━━━━━ Dataset content ━━━━━

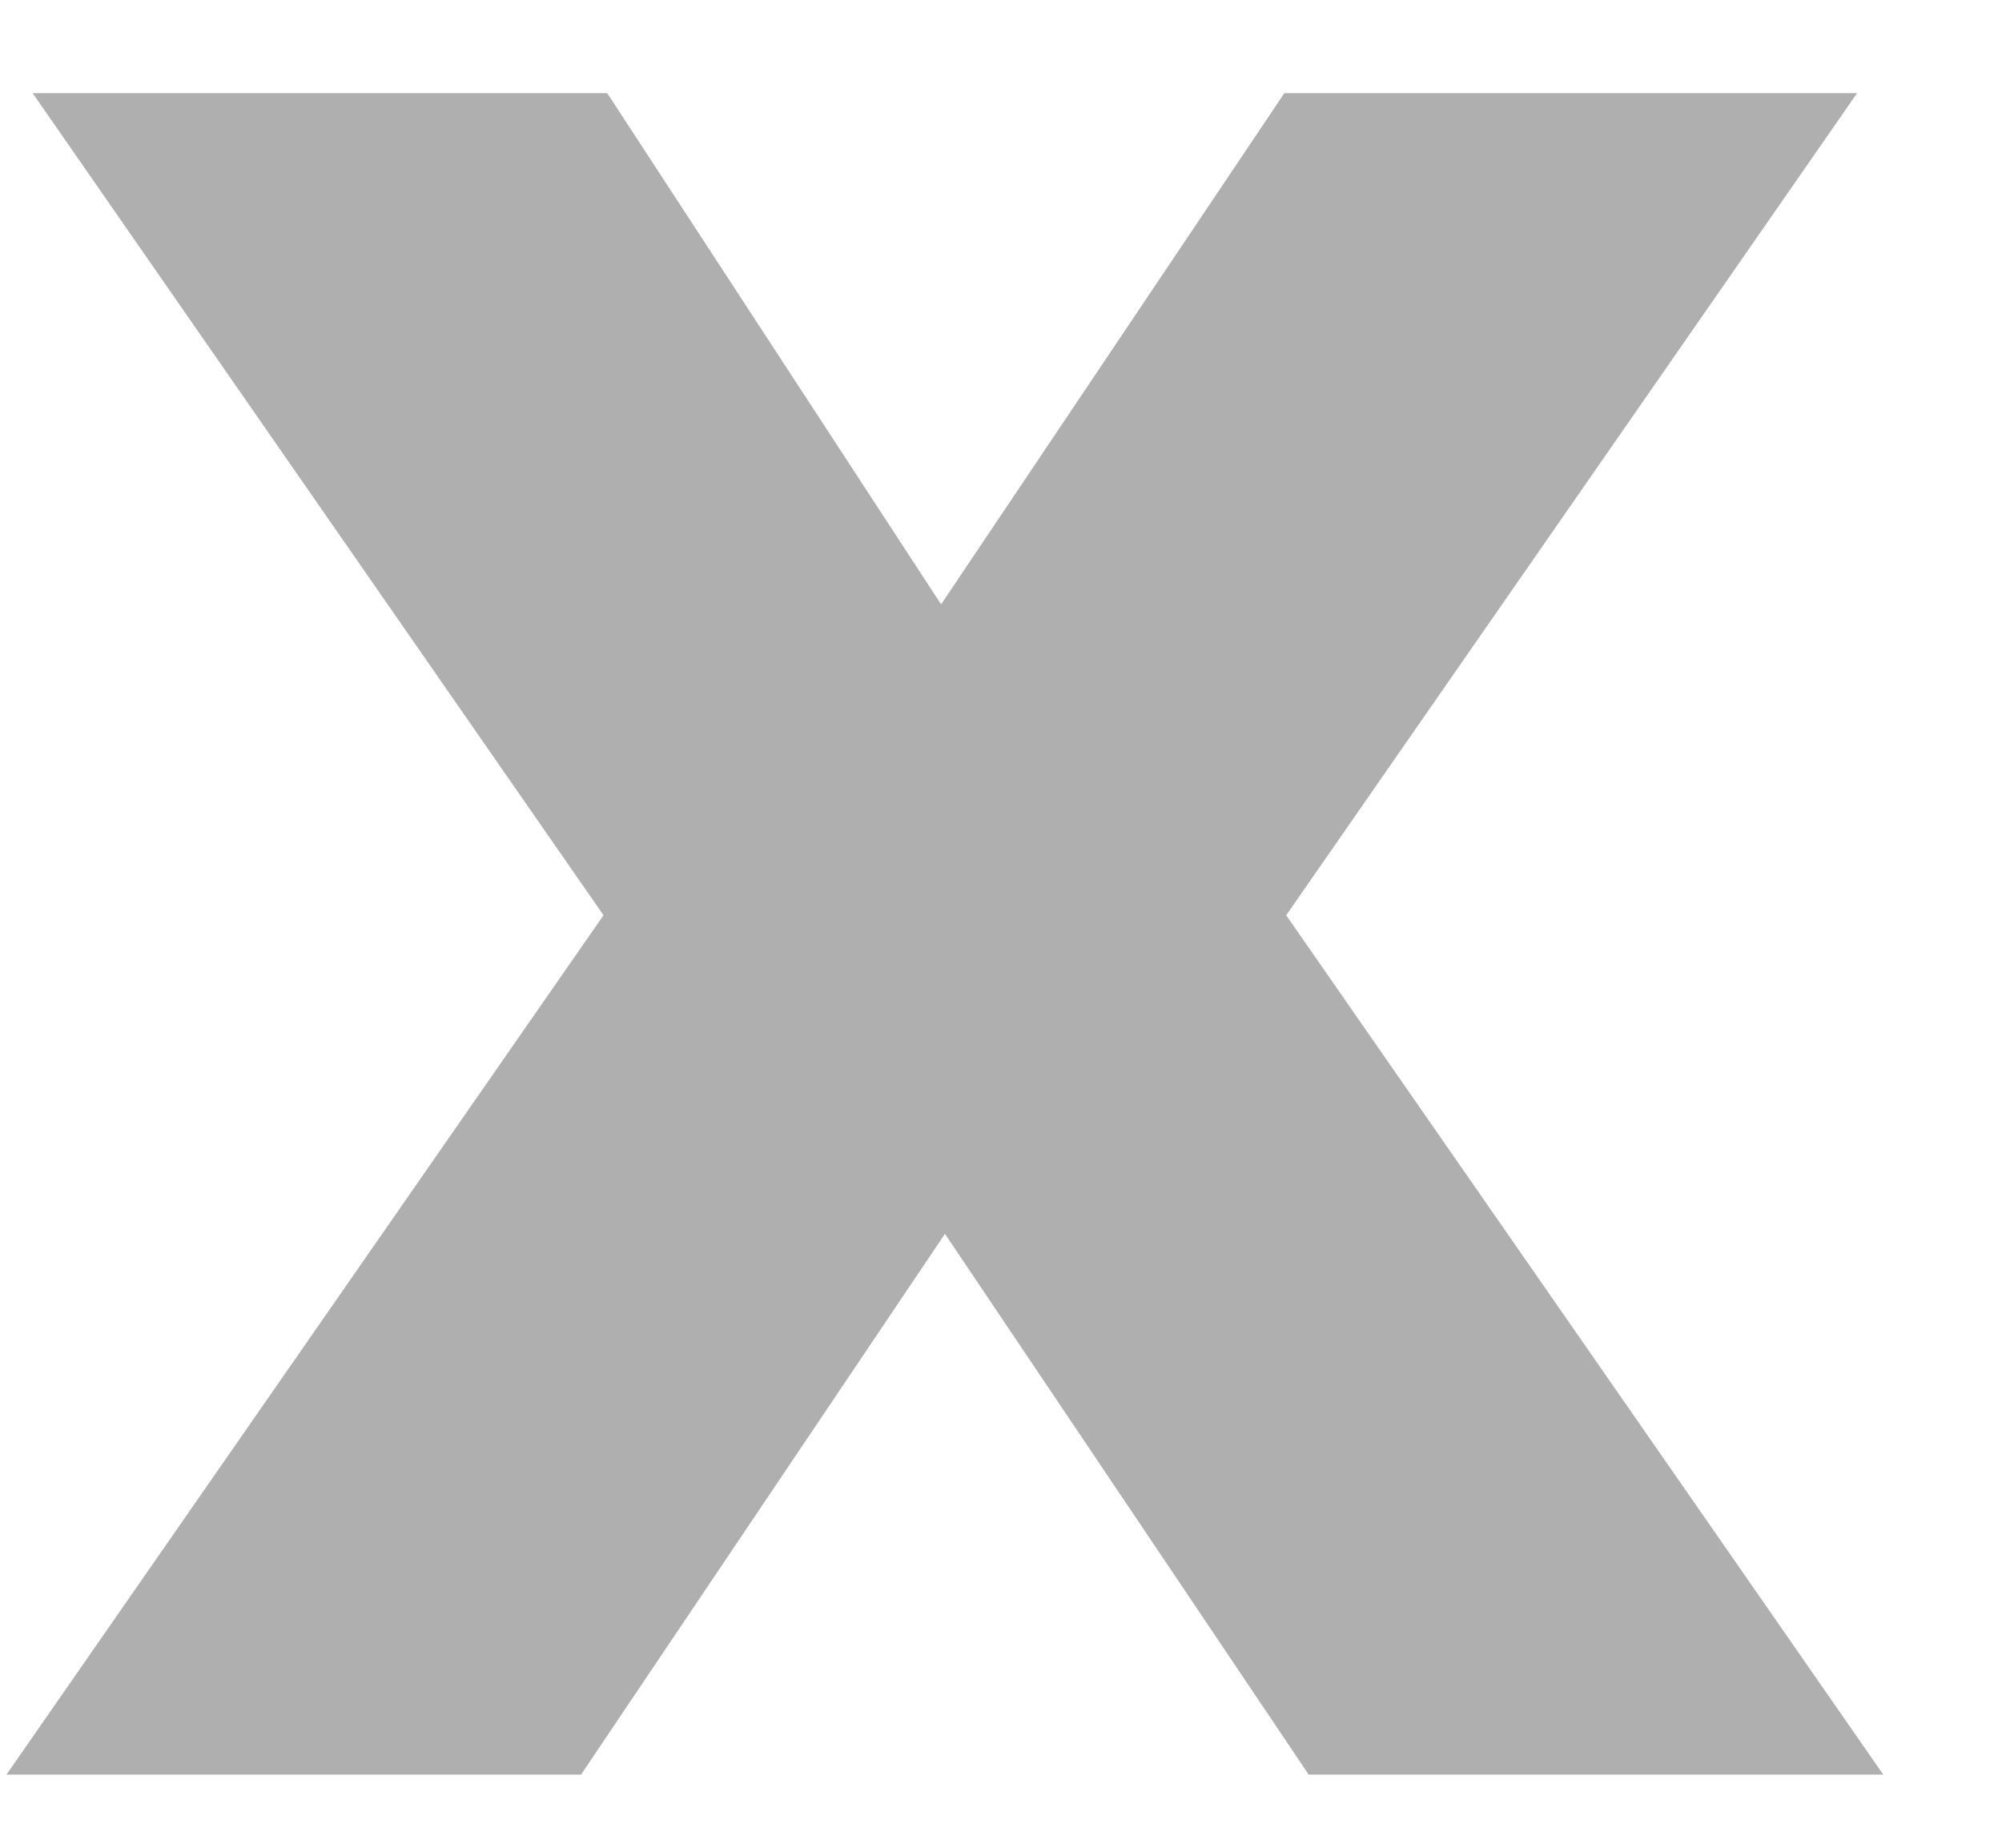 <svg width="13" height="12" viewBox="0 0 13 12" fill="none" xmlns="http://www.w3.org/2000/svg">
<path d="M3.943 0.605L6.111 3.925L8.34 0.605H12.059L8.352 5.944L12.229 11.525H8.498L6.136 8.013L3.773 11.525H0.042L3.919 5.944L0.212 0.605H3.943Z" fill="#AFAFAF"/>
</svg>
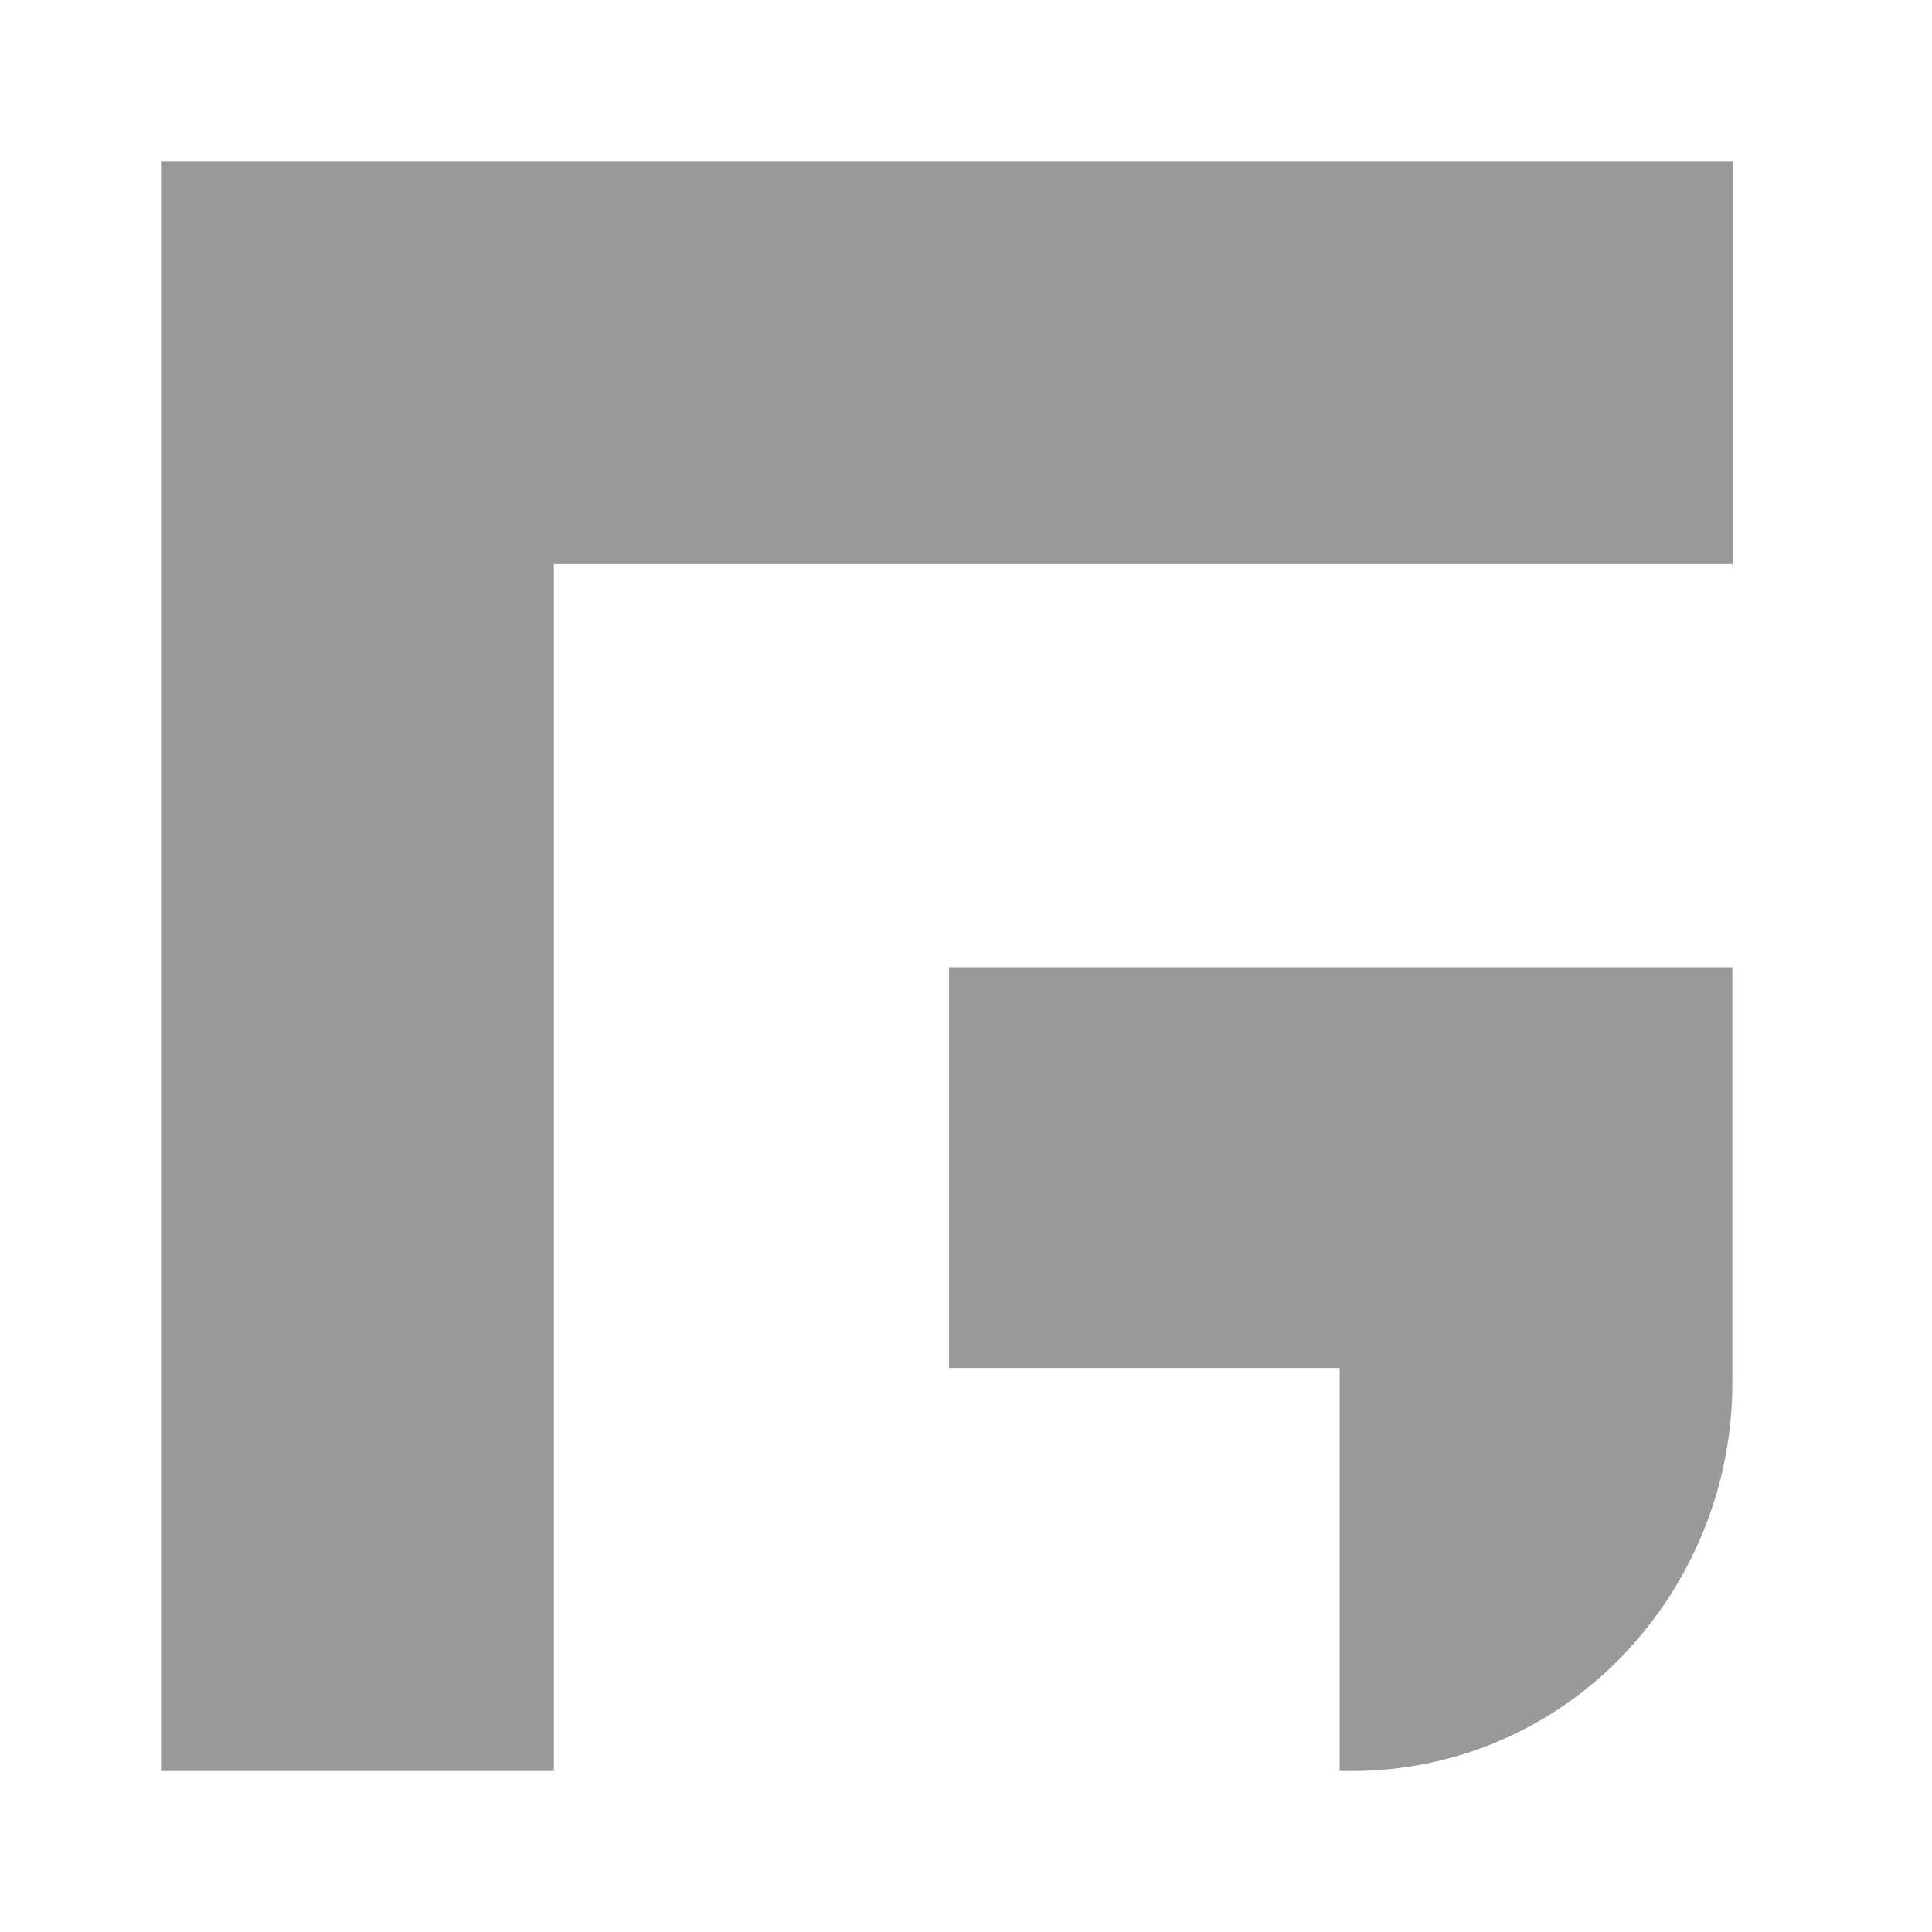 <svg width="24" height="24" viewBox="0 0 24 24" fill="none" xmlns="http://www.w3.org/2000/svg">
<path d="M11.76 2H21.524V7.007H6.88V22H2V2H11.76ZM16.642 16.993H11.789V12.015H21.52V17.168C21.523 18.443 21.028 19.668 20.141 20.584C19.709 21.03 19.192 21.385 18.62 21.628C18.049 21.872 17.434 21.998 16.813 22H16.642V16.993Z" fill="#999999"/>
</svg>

━━━━━

What the task asks:
Find the line with "16.993H11.789V12.015H21.52V17.168C21.523 18.443 21.028" in the data above. Restate it and all later lines word for word, ending with the last line.

Result of the task:
<path d="M11.76 2H21.524V7.007H6.88V22H2V2H11.76ZM16.642 16.993H11.789V12.015H21.52V17.168C21.523 18.443 21.028 19.668 20.141 20.584C19.709 21.03 19.192 21.385 18.62 21.628C18.049 21.872 17.434 21.998 16.813 22H16.642V16.993Z" fill="#999999"/>
</svg>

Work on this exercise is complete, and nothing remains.